We then split our data into Modern and Early Modern components.

In [None]:
shakespeare_lines = []
modern_lines = []

for line in cleaned:
    parts = line.split("\t")
    if parts[0] == '':
      continue
    else:
      shakespeare_lines.append(parts[0].strip())
      modern_lines.append(parts[1].strip())

Here, we train a SentencePeice model on the combined corpus using `model_type` of `bpe`, then load the trained model and wrap it in a tokenizer function. This `tokenize` function takes a string, then returns a list of subword units that SentencePiece outputs.

In [None]:
import sentencepiece as spm
from pathlib import Path

combined_text = "\n".join(shakespeare_lines + modern_lines)   # one sentence per line
Path("combined.txt").write_text(combined_text, encoding="utf8")

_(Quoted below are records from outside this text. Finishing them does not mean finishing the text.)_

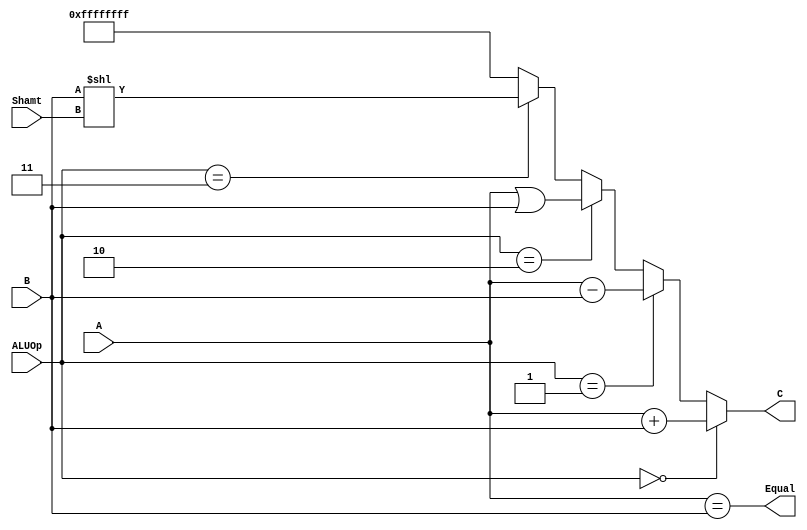
module alu(
    input  [31:0] A,
    input  [31:0] B,
    input  [4:0]  Shamt,
    input  [3:0]  ALUOp,
    output        Equal,
    output [31:0] C
    );


    parameter ADDop = 4'b0000;
    parameter SUBop = 4'b0001;
    parameter ORop  = 4'b0010;
    parameter SLLop = 4'b0011;


    assign Equal = (A == B);
    assign C = (ALUOp == ADDop) ? A + B :
               (ALUOp == SUBop) ? A - B :
               (ALUOp == ORop)  ? A | B :
               (ALUOp == SLLop) ? B << Shamt : -1;
endmodule

spm.SentencePieceTrainer.train(
    input='combined.txt',
    model_prefix='shakes_mod',
    vocab_size=2000,
    character_coverage=1.0,
    model_type='bpe',
    bos_id=1, eos_id=2, pad_id=0, unk_id=3,
    user_defined_symbols=''
)

sp = spm.SentencePieceProcessor(model_file='shakes_mod.model')

def tokenize(text):
    """
    Returns a list of sub‑word tokens produced by SentencePiece.
    The model already lower‑cases (if you set `--lower_case=true`
    during training) – we keep the original case so that proper nouns
    stay distinguishable. Feel free to call `text.lower()` before passing
    it if you prefer a case‑insensitive model.
    """
    return sp.encode_as_pieces(text)

This `build_joint_vocab` function makes all of the sentences (Modern and Shakespearean) into one vocabulary.

In [None]:
def build_joint_vocab(texts, min_freq=1):
    counter = Counter()
    for txt in texts:
        counter.update(tokenize(txt))

    vocab = {'<PAD>': 0, '<SOS>': 1, '<EOS>': 2, '<UNK>': 3}
    for token, freq in counter.items():
        if freq >= min_freq:
            vocab[token] = len(vocab)
    return vocab

joint_vocab = build_joint_vocab(shakespeare_lines + modern_lines, min_freq=1)
vocab_size = len(joint_vocab)

This `to_ids` function converts sentences into a list of ids from the joint vocabulary, then adds `<SOS>` and `<EOS>` token ids as needed around the sentence. We then build lists of source ids and target ids, where they both contain the Modern and Shakespeare data, but in a parallel and opposite order.

In [None]:
def to_ids(text):
    tokens = tokenize(text)
    ids = [joint_vocab.get(tok, joint_vocab['<UNK>']) for tok in tokens]
    return [joint_vocab['<SOS>']] + ids + [joint_vocab['<EOS>']]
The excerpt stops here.